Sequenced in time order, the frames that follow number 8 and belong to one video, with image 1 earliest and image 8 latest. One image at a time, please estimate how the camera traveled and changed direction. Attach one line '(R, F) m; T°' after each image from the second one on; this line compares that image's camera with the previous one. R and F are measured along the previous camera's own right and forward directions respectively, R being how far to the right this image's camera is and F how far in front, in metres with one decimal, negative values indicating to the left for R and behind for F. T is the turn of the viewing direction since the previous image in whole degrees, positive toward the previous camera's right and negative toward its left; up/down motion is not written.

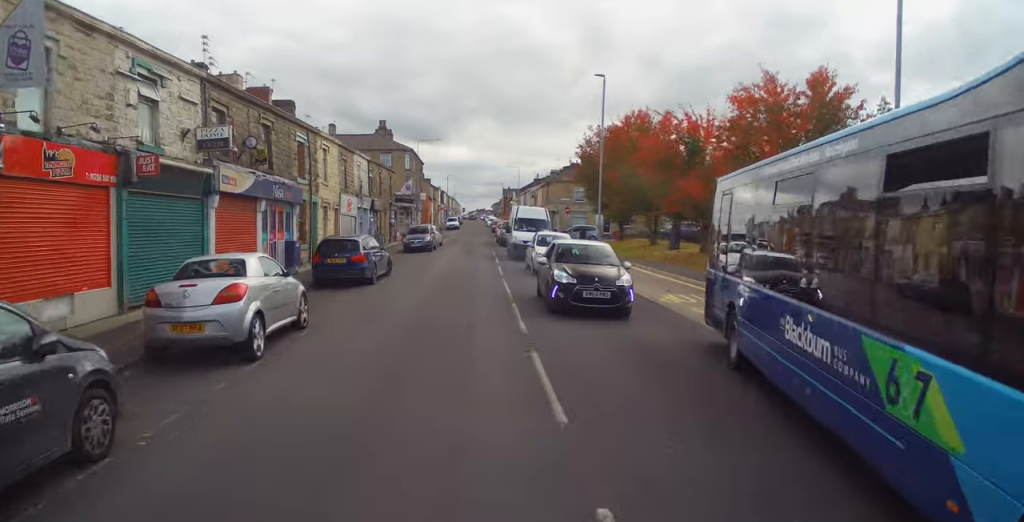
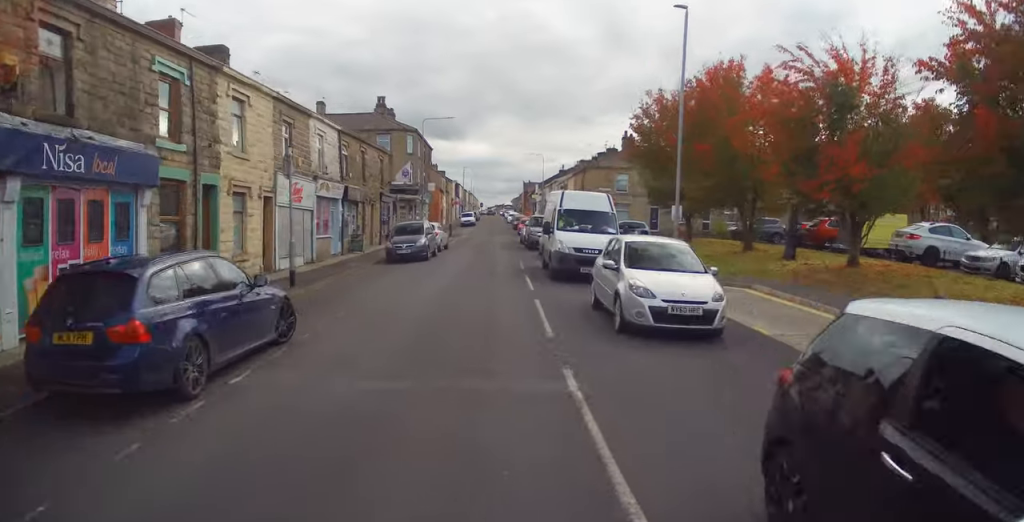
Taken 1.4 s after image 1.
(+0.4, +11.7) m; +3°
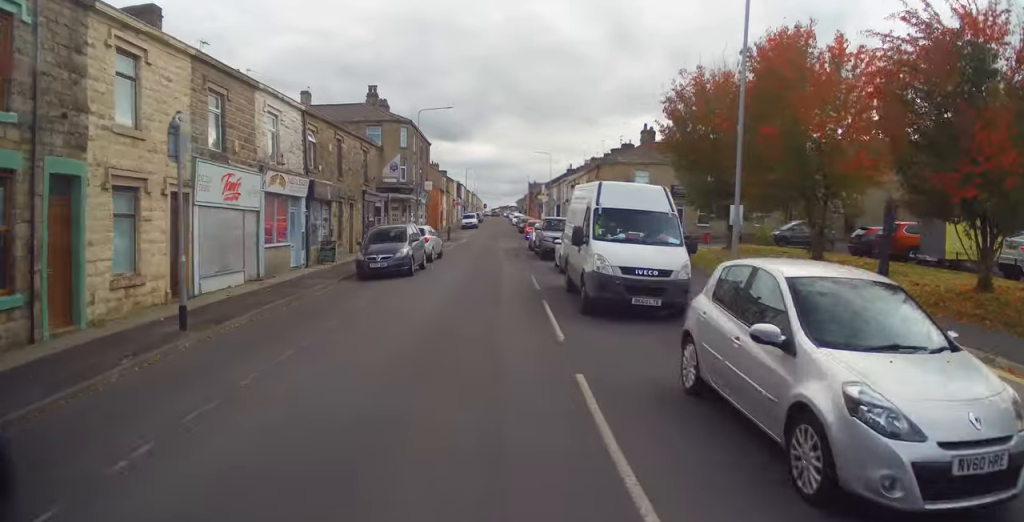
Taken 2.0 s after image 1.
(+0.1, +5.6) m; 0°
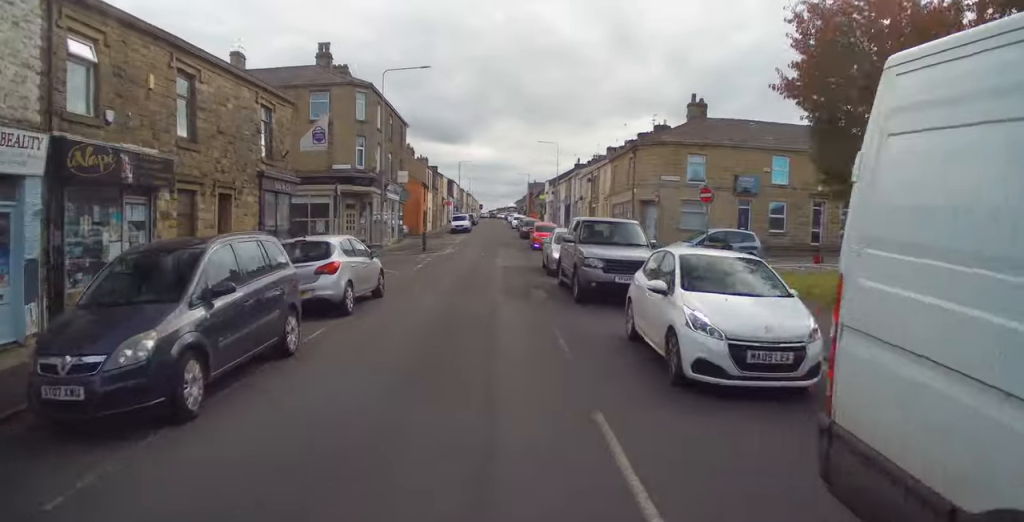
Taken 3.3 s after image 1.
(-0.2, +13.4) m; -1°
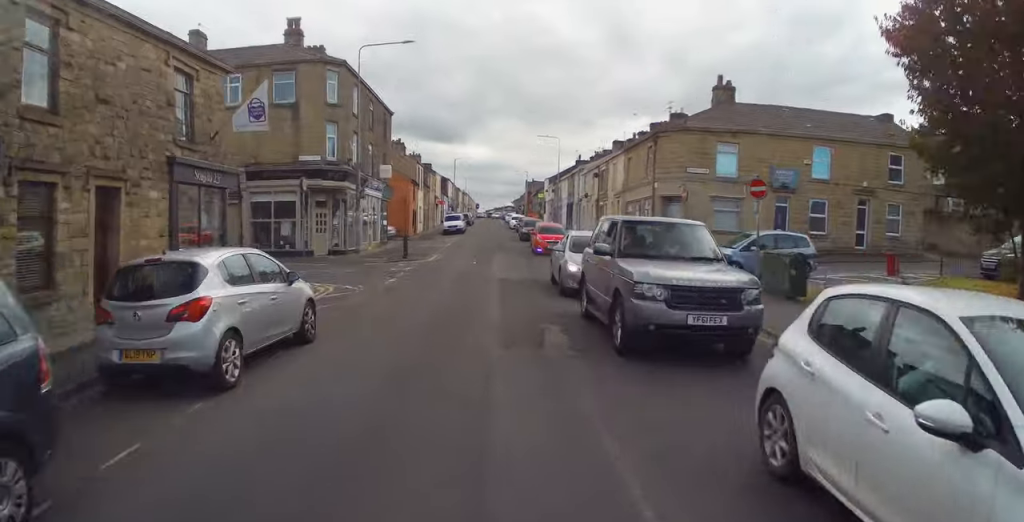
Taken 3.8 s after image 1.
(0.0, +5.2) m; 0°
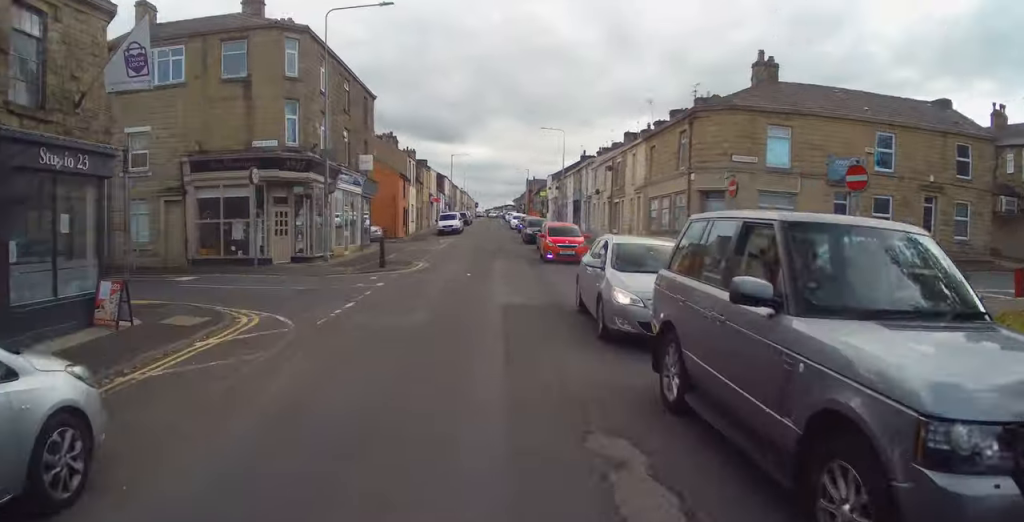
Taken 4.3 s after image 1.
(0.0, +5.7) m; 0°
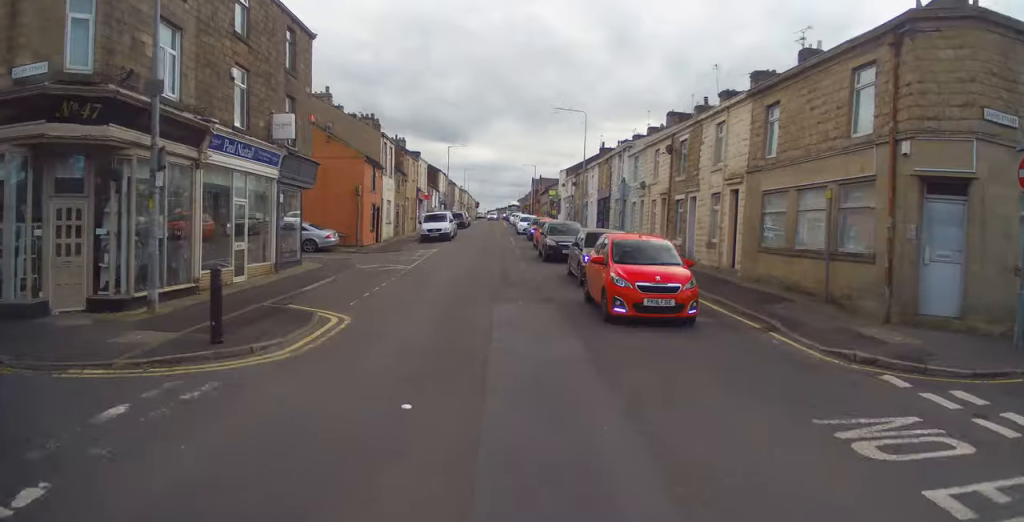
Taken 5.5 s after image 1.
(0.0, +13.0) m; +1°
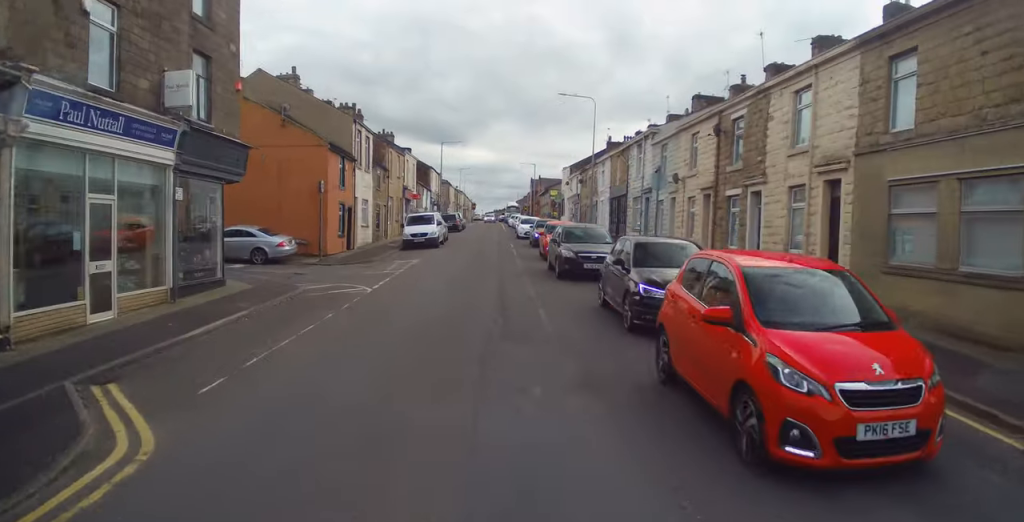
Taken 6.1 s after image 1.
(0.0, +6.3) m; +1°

PROBLEM TO WORK ON: Set down, exactly as written, each line from the one that contains "Taken 2.0 s after image 1." to the last line of the records, but none of the pictures.

ANSWER BOX:
Taken 2.0 s after image 1.
(+0.1, +5.6) m; 0°
Taken 3.3 s after image 1.
(-0.2, +13.4) m; -1°
Taken 3.8 s after image 1.
(0.0, +5.2) m; 0°
Taken 4.3 s after image 1.
(0.0, +5.7) m; 0°
Taken 5.5 s after image 1.
(0.0, +13.0) m; +1°
Taken 6.1 s after image 1.
(0.0, +6.3) m; +1°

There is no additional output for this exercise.